La suave luz del amanecer, acompañada de aquel carraspeo desesperado, hace a la diosa despertar de la noche más hermosa que, en sus escasos dieciséis años de vida, ha tenido la oportunidad de vivir.

Nos detendremos un momento. No. De ninguna manera; habían hecho el amor ininterrumpidamente durante horas, hasta caer agotadas sobre la pila de heno que utilizaron como si fuese un lecho nupcial. Todo su cuerpo esta adolorido, presa de un entumecimiento en el que solo le apetece dormir un poco más.

"Iremos a casa" Piensa Historia con una sonrisa ilusionada, aferrándose cariñosamente al saco negro que cubre su desnudez mientras escucha los pasos lentos de Ymir quien, según parece, pasea desinteresadamente en el exterior.

-¿Ymir?- Pregunta en voz alta, capturando un pequeño rastro del olor a tabaco que el viento exterior trae consigo -¿Cuántas veces te he dicho que esas cosas te…?

¡...!

El carraspeo. Ese despreciable sonido que ahora, con la luz del sol ante sus ojos, sabe con seguridad que no puede provenir de ninguna alimaña nocturna. Se pone de pie con cuidado de no lastimar su tobillo adolorido, cubriéndose lo más que puede con la pieza de uniforme impregnada del aroma a ceniza. Lentamente, camina a través de las difusas siluetas iluminadas por los primeros rayos del sol.

¡...!

-Es ahí- Murmura, mirando directamente a un rincón abandonado que nadie se había molestado en limpiar hacía muchos años; es ahí, donde ninguna luz puede llegar, de donde proviene el misterioso sonido -¿H-Hola?

¡...!

Frenéticos, Desesperados. Recibe una orquesta de carraspeos en respuesta a su saludo vacilante.

-¿Ymir?- No, aun puede ver su silueta en el exterior a través de los tablones rotos; sea lo que sea, esa cosa no es Ymir.
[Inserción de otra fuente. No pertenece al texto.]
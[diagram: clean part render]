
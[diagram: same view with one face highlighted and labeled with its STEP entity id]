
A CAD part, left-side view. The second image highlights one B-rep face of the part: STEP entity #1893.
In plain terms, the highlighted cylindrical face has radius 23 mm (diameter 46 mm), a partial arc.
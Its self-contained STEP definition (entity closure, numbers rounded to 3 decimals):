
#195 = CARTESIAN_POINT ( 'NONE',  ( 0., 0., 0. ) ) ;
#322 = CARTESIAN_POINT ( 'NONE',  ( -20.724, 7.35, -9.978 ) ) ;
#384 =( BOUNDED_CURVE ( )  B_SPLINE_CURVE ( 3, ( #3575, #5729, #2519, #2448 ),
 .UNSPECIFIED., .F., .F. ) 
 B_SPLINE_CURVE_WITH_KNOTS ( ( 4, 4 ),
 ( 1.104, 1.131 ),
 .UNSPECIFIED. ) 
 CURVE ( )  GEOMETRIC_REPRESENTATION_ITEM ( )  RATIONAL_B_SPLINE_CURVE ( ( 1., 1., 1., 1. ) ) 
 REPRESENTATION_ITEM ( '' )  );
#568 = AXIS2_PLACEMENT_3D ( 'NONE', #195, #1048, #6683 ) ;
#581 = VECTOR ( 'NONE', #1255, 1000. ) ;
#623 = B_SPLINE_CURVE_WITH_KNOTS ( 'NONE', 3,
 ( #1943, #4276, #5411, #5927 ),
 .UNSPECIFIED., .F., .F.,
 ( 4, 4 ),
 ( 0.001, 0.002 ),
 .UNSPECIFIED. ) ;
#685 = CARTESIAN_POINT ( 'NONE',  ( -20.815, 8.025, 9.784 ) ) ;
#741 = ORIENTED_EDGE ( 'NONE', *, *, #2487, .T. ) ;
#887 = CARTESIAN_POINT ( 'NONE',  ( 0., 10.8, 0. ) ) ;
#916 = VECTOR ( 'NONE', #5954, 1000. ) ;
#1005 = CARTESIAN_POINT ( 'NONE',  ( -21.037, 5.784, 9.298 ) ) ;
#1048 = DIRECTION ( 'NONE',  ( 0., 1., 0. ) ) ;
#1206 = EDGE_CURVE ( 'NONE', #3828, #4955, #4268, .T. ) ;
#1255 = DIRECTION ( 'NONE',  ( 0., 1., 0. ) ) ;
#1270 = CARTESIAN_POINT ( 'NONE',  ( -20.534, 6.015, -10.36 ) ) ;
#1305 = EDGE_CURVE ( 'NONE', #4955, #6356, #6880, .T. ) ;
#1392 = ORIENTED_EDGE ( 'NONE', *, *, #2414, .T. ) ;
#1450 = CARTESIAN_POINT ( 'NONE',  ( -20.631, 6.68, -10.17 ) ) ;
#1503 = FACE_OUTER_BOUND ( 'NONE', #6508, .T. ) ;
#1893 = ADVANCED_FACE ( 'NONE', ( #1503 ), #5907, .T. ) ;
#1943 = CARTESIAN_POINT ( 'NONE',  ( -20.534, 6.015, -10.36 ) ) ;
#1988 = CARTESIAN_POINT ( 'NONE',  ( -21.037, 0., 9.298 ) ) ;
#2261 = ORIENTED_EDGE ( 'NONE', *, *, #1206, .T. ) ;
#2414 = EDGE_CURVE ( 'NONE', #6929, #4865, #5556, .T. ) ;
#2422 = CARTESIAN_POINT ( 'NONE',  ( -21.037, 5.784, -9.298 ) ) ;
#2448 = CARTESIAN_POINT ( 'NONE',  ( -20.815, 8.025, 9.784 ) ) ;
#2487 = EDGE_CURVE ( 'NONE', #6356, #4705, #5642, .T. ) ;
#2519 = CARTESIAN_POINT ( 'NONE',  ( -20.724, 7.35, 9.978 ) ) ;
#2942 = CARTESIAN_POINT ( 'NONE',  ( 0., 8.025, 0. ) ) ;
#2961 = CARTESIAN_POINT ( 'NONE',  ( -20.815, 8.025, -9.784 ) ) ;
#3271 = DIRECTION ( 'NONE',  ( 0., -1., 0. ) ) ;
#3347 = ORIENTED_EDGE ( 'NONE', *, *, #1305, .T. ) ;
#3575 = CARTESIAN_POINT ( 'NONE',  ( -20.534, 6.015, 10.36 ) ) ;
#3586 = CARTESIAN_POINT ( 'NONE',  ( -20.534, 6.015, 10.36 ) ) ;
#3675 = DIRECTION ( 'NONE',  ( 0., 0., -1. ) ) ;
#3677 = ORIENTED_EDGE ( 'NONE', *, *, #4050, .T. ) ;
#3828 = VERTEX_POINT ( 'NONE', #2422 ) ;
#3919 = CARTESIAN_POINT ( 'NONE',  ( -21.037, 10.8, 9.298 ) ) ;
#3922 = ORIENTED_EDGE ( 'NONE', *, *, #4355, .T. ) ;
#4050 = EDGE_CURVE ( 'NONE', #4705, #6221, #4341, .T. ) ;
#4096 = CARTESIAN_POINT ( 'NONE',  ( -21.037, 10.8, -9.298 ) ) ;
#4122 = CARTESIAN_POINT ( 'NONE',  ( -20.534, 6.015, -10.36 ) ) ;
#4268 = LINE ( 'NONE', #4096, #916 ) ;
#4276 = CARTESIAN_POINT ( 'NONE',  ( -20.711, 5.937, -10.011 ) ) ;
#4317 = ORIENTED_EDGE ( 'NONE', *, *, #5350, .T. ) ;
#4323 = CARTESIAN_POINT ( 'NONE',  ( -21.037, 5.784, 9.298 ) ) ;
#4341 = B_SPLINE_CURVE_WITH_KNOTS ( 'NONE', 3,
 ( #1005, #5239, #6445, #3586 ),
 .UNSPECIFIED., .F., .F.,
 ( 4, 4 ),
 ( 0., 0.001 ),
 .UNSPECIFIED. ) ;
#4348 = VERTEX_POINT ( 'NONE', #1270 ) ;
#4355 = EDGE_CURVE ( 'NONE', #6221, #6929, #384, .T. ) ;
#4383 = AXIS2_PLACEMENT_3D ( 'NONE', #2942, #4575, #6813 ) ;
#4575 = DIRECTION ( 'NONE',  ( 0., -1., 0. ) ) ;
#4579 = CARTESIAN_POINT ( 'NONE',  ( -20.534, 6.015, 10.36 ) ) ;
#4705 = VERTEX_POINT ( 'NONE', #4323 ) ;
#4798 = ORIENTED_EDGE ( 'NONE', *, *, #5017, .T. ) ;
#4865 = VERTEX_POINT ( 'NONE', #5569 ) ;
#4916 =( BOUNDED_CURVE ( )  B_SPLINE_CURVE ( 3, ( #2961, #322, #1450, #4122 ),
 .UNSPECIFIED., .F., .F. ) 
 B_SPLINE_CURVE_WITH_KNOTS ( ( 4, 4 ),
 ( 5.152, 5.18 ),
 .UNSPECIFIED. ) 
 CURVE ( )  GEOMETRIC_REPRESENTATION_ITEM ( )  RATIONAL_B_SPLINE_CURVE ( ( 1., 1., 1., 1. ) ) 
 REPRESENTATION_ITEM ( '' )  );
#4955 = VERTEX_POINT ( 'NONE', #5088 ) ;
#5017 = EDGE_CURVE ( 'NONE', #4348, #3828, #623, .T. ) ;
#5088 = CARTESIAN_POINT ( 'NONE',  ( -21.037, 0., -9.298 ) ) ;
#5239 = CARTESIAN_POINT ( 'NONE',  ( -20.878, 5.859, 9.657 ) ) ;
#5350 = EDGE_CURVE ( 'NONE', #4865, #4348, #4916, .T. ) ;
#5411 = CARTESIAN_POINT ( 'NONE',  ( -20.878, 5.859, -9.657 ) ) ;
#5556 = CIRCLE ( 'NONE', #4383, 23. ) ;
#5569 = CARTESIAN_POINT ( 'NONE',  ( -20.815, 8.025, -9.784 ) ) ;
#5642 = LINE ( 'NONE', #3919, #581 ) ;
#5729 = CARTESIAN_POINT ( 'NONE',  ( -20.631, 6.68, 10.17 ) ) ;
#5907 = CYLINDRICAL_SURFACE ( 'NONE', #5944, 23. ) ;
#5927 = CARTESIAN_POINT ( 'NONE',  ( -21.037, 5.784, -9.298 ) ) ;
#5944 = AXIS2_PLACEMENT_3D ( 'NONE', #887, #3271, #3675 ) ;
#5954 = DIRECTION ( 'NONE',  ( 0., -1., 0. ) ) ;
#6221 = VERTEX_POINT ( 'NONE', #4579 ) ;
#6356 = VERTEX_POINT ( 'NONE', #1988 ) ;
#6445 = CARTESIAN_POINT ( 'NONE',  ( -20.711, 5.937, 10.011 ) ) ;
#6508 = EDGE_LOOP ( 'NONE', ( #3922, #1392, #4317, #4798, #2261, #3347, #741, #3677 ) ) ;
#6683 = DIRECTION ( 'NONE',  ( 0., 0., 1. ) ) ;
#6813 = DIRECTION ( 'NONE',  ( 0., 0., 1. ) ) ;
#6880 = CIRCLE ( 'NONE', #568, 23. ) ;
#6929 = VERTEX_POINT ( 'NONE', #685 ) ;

En un inesperado ataque de valentía, se lanza sin pensarlo a ese lugar oscuro pero, al encontrarse de frente al innombrable terror que ahí aguarda, su valentía se desvanece en un grito.

-¡Por Dios!

El chico parece aliviado de que por fin, luego de una noche entera de llamarla sin parar, sus gritos son escuchados a través de esa repugnante mordaza que roba su habla. Sus manos, que sangran ante el anhelo por la libertad, están atadas al igual que sus pies, inmovilizándolo por completo; su cuerpo está herido, cada parte de él lo está.

-Estoy aquí- Con manos temblorosas intenta retirar la mordaza, buscando en su repertorio la mas tranquilizadora sonrisa que posee –Todo estará bien.

Está segura de algo: Ymir lo sabía. Ymir siempre lo ha sabido.

¿La habrá traído por eso? ¿Ella ha sido la causante de esto? ¿Por qué lo haría? ¿Por qué?

No es eso posible ¿Cierto?

"No lo es" Se dice a si misma tratando de regular el temblor en sus manos "Ella no haría algo como esto"

Pero, por más que intenta infundir tranquilidad, el muchacho frente a ella, abatido como nunca antes lo ha visto, se retuerce sin parar. Apenas puede retirar la mordaza completamente, obtiene un murmullo ronco de una garganta destruida por la ansiedad.

-Corre.

Seco. Claro. Sin errores. Una advertencia que perturba su corazón.

-¿Eh?- Pregunta confundida, ignorando su desorbitada mirada que se hunde en el pánico.

-¡Corre! ¡Maldita sea!

Entonces, emergiendo del más puro silencio, una gran mano presiona con fuerza un pañuelo húmedo sobre su rostro; su olor es fuerte, tanto que apenas puede percibir los gritos desesperados de Eren y, más importante aún, el susurro cortante de Ymir contra su oído.

-Volvamos a casa.

Luego de haber retado al silencio, este se hace presente una vez más, traicionero y miserable, llevándose consigo tanto su consciencia como su felicidad.